▶ _EXERCISE MATERIALS_:
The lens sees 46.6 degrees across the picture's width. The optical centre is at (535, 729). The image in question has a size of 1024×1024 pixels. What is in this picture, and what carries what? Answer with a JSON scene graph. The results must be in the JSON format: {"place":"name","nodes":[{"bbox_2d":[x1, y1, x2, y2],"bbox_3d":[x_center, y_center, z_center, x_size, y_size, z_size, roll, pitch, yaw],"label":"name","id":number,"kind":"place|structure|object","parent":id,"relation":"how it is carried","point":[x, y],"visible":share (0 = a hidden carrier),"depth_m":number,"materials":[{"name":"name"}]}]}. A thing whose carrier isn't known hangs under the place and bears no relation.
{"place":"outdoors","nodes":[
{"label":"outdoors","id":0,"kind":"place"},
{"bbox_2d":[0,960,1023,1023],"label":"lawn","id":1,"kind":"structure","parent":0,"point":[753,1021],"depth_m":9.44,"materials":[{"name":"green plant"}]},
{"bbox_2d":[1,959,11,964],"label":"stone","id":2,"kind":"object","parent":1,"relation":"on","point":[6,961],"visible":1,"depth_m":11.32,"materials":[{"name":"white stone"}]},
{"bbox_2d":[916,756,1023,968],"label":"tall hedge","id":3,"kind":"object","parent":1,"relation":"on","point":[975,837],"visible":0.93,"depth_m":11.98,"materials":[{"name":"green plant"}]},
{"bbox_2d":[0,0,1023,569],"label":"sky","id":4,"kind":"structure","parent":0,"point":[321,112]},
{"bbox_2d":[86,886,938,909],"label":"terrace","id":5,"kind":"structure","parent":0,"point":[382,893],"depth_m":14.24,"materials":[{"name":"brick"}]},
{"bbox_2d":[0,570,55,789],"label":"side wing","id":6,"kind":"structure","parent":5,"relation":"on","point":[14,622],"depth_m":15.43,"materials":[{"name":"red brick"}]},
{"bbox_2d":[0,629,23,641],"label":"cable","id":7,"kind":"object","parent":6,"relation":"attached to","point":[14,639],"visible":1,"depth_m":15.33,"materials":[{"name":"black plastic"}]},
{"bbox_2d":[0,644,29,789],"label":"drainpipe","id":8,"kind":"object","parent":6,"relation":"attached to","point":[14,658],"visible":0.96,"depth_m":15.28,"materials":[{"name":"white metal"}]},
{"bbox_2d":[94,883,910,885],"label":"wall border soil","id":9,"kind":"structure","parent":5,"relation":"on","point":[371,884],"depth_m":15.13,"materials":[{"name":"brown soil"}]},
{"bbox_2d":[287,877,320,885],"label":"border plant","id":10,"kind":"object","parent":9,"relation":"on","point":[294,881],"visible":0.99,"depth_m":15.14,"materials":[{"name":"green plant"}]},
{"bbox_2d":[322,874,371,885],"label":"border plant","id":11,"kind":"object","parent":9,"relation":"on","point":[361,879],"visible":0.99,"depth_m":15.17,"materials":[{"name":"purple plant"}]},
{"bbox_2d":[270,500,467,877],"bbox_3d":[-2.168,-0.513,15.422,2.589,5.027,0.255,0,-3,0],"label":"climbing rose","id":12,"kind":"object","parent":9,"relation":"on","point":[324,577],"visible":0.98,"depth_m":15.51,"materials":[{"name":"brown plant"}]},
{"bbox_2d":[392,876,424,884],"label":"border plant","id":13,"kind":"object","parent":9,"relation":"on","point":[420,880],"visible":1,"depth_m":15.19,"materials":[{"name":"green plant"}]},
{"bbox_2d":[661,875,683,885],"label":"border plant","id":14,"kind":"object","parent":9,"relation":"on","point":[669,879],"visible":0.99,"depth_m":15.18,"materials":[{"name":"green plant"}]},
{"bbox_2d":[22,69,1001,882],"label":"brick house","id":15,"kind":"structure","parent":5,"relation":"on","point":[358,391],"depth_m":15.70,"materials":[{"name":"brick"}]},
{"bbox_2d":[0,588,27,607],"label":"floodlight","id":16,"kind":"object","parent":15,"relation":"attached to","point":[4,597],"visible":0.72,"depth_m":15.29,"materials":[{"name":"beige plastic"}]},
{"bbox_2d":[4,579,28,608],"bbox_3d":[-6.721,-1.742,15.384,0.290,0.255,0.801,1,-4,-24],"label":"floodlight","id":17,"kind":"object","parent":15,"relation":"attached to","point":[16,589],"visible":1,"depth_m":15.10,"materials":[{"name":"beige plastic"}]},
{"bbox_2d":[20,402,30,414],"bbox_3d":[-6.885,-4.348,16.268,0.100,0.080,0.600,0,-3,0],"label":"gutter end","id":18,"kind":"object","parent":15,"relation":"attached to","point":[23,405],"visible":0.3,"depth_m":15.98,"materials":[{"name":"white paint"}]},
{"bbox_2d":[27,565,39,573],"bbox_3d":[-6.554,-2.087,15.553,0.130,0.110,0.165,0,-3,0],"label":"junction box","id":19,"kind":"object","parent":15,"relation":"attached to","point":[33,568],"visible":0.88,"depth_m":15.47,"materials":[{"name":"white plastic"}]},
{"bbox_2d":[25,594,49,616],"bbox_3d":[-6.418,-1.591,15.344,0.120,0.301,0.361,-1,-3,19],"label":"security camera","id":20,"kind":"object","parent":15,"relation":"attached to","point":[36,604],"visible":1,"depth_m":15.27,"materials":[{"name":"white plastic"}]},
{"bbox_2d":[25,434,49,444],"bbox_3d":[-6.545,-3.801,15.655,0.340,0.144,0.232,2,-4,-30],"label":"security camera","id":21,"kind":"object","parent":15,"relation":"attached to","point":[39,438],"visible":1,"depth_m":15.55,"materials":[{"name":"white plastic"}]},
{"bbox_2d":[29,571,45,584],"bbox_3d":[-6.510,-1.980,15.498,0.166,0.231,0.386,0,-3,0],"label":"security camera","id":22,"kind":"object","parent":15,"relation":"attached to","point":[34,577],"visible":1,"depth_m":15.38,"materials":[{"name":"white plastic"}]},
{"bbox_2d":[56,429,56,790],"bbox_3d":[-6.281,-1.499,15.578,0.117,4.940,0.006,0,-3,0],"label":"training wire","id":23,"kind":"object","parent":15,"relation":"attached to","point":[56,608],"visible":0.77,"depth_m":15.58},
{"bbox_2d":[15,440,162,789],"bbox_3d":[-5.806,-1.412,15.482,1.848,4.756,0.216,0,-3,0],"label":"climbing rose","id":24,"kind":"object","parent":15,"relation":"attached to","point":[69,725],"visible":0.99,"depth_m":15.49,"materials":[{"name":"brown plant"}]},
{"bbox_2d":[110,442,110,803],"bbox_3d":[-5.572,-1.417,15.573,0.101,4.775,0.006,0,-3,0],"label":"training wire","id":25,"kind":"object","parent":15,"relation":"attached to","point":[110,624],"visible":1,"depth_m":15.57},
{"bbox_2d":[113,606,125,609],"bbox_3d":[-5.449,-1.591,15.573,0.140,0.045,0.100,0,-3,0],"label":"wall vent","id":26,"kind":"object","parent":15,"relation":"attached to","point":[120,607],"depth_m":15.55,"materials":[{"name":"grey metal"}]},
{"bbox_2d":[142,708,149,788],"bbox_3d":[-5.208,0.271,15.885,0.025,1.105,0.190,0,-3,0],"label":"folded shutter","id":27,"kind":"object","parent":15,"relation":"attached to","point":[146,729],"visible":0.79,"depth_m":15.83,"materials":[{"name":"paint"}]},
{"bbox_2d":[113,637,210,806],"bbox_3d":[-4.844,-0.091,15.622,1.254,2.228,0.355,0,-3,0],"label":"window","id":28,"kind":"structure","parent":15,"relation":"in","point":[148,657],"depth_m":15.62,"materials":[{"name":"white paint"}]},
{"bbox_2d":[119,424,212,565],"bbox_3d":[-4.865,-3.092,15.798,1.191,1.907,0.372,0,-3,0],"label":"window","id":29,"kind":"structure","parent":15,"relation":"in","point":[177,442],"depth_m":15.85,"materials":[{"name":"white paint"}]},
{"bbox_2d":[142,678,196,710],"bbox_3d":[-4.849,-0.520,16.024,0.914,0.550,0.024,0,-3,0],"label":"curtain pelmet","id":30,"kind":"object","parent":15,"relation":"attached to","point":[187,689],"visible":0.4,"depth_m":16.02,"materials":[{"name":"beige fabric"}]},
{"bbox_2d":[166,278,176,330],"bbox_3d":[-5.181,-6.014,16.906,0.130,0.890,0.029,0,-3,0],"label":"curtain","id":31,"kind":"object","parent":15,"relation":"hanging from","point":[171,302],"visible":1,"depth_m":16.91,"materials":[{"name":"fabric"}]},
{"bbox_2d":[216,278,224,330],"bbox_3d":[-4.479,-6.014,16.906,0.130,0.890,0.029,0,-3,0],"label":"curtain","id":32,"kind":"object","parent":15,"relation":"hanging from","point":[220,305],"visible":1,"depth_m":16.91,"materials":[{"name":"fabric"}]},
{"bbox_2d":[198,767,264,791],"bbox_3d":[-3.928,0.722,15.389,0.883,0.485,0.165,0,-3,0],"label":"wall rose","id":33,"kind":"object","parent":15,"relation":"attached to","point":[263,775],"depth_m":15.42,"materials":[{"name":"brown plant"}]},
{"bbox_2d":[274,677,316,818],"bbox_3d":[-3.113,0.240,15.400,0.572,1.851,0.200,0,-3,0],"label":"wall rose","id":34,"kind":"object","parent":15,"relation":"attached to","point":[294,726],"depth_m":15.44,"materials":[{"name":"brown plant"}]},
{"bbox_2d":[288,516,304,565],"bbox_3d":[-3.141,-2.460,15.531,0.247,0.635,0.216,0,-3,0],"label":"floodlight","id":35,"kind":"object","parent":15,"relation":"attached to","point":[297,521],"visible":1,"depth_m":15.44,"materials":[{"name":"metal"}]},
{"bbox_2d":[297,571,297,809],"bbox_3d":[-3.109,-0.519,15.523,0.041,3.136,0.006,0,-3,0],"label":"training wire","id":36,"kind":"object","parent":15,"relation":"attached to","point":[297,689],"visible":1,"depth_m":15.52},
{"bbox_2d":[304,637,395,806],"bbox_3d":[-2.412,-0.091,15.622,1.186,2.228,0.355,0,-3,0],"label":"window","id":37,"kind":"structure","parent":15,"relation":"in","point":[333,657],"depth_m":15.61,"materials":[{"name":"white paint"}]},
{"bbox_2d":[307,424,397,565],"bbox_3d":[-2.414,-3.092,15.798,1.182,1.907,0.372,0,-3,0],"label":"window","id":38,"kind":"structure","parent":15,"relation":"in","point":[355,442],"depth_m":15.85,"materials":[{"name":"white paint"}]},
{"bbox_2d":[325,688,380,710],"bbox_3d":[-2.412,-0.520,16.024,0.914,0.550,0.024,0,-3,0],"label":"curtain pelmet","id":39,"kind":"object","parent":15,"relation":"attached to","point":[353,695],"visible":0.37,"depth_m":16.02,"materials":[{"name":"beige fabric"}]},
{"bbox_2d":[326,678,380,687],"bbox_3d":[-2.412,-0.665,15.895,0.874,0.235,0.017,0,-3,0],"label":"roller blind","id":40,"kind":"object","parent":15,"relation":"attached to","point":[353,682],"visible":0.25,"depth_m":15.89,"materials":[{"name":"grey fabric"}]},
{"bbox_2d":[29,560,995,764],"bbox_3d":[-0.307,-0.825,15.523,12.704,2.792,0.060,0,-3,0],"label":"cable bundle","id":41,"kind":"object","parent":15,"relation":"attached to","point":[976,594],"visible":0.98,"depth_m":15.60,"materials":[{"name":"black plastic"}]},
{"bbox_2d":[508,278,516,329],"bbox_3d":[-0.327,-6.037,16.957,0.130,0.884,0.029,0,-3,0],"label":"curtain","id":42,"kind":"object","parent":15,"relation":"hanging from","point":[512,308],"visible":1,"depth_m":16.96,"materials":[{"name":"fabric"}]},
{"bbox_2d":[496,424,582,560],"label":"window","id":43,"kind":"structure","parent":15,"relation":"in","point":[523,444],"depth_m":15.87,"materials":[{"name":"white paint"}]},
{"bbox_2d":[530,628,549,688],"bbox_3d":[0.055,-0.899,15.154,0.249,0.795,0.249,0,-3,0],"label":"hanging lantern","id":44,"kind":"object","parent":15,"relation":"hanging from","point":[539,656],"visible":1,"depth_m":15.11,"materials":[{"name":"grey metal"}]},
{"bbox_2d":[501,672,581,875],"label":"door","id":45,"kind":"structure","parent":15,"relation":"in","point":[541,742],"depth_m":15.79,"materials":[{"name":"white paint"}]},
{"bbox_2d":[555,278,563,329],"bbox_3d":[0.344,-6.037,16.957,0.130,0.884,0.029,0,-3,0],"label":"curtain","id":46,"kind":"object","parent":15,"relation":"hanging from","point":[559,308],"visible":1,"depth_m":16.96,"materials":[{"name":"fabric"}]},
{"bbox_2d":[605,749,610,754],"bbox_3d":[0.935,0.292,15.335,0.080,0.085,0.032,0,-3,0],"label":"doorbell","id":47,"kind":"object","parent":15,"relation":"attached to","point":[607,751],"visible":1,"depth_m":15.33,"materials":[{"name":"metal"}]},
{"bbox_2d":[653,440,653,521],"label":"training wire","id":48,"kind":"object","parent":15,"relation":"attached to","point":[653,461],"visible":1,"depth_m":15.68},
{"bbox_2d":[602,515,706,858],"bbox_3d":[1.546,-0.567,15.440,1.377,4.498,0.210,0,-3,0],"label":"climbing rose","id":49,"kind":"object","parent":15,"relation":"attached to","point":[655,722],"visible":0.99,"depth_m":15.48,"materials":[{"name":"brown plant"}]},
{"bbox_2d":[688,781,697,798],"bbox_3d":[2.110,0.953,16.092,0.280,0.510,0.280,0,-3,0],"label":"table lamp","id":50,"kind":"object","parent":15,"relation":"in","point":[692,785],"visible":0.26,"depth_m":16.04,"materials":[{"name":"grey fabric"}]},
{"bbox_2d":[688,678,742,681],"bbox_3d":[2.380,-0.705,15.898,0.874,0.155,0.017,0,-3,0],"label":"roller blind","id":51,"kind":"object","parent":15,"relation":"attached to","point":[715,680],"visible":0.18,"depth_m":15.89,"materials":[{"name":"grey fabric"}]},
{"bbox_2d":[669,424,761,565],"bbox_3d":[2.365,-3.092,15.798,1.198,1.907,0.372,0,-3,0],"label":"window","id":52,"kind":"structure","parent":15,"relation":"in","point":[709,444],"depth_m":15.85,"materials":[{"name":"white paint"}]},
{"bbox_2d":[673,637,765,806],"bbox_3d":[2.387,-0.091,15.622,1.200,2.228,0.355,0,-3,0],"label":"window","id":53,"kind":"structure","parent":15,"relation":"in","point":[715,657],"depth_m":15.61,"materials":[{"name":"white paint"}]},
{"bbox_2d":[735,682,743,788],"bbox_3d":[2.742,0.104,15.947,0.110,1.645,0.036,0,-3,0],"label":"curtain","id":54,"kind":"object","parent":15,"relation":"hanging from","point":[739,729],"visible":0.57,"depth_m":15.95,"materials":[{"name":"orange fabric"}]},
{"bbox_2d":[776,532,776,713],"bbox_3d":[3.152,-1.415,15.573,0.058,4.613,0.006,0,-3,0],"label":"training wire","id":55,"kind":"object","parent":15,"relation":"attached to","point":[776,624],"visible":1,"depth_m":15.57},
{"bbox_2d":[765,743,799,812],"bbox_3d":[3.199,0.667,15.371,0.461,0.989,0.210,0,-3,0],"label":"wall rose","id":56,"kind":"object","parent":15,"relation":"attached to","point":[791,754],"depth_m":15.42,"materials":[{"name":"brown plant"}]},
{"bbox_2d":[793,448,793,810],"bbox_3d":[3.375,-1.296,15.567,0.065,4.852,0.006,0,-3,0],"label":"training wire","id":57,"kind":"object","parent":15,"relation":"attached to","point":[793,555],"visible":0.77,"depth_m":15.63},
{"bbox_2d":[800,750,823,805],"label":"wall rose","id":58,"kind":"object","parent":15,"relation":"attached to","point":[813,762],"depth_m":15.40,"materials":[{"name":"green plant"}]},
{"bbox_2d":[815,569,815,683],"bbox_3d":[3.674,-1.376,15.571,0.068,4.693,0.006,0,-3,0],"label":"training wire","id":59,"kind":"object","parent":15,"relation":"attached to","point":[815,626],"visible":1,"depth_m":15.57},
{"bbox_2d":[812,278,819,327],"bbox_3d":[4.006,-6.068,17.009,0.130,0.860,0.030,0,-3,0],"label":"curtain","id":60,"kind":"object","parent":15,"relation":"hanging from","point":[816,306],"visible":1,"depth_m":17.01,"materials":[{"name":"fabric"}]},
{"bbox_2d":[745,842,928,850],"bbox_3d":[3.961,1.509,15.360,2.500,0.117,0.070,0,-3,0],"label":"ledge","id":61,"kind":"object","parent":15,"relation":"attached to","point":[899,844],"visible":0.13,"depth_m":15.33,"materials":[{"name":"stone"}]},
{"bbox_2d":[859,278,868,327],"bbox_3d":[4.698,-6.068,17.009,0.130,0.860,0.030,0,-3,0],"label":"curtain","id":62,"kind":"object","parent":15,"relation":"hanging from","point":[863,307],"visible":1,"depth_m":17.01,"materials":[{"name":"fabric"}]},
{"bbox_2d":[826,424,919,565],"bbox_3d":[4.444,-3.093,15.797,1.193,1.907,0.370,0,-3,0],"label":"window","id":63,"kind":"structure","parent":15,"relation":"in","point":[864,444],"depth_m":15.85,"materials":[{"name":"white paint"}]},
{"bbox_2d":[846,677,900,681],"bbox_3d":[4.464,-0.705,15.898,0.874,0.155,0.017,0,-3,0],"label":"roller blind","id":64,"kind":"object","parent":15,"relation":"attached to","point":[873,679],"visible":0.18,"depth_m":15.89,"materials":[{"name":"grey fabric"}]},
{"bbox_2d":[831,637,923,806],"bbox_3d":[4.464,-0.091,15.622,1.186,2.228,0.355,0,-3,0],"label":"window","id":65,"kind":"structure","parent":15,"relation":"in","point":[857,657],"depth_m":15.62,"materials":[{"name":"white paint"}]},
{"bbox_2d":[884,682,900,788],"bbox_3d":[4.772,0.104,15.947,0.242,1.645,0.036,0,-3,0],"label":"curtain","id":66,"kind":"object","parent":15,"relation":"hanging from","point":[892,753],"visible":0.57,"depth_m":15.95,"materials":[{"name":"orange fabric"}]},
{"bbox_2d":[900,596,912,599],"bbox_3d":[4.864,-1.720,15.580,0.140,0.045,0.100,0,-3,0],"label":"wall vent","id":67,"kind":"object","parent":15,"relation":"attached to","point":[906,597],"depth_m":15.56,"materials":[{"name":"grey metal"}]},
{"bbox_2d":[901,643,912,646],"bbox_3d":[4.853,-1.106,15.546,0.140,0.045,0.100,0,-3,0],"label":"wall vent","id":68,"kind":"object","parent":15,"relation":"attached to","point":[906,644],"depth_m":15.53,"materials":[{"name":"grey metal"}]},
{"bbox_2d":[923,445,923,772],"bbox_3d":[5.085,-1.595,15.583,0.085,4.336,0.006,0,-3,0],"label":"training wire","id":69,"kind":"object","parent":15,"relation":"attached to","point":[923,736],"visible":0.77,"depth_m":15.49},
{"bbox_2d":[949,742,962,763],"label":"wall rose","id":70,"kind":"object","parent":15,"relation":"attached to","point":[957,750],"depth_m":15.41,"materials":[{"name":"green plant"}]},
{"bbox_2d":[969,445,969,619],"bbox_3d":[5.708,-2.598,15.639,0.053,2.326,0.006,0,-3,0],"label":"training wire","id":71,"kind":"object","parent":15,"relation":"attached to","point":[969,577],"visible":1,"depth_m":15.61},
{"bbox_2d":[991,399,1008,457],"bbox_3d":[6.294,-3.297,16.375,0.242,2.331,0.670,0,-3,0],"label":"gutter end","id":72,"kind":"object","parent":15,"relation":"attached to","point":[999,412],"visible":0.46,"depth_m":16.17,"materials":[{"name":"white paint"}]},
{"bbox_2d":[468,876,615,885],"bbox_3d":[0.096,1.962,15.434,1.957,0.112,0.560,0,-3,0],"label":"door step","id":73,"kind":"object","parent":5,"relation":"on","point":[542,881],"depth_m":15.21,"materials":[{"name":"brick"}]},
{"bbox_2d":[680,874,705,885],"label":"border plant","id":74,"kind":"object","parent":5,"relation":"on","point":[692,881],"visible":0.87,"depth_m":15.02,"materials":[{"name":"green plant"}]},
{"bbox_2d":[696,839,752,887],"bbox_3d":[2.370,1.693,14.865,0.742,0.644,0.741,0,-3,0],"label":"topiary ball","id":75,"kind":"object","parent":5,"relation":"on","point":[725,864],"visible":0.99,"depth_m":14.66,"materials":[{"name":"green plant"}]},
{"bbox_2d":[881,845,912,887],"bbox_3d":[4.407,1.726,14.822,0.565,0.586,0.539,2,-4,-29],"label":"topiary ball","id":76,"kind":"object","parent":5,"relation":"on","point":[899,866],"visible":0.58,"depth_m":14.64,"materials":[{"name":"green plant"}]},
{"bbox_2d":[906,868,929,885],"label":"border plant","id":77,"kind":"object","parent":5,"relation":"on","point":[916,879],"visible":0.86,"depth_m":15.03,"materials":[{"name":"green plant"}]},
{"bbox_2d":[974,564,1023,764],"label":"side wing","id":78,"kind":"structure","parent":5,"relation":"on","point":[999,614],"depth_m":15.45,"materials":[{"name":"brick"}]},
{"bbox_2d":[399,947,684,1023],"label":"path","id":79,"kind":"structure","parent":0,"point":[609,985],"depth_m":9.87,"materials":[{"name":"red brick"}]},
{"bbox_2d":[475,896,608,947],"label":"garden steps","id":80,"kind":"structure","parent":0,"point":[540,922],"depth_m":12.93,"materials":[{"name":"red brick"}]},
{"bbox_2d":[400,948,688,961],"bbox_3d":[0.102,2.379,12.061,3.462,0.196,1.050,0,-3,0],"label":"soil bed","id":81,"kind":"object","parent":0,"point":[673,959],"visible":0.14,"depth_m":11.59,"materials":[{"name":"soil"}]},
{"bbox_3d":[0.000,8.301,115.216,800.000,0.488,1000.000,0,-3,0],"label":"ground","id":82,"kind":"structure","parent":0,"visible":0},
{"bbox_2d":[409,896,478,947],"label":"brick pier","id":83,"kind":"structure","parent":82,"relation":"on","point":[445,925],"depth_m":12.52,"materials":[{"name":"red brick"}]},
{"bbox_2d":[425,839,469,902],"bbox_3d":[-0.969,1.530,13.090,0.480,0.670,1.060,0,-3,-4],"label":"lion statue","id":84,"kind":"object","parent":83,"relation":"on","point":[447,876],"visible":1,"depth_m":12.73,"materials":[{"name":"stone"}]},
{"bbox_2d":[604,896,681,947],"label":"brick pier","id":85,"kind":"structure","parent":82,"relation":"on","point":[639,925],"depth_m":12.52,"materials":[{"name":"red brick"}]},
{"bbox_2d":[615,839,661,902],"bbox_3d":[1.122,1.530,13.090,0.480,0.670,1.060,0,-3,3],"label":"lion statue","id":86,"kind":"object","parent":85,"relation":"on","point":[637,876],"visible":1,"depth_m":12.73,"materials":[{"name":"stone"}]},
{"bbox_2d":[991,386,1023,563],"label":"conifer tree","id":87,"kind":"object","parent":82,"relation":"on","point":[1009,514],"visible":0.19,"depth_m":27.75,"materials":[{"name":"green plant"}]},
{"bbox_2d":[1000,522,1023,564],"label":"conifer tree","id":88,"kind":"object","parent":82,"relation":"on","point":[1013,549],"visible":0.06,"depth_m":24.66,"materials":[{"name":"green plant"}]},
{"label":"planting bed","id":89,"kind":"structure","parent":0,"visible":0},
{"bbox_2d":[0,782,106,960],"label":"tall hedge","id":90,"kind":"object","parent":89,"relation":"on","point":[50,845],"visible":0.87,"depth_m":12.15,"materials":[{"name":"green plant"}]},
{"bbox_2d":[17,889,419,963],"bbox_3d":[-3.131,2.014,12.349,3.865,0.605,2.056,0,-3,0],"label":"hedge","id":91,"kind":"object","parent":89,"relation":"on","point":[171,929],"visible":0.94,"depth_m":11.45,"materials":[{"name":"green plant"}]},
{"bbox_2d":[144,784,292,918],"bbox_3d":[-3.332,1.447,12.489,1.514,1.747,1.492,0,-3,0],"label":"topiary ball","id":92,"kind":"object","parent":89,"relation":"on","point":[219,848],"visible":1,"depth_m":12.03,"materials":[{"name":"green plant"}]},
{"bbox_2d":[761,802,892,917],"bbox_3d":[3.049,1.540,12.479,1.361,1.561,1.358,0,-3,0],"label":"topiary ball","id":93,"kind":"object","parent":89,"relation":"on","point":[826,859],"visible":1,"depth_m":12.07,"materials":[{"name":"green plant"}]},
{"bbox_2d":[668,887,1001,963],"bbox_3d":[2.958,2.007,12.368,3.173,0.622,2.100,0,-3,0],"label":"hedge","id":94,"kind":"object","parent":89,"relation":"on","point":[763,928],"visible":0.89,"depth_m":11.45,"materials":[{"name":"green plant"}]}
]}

▶ _HOW TO COMPLETE THIS TASK_: Count the lines of the entries that hold the string "tall", then state that number and nothing more.

▶ _RESPONSE TO THE TASK_: 2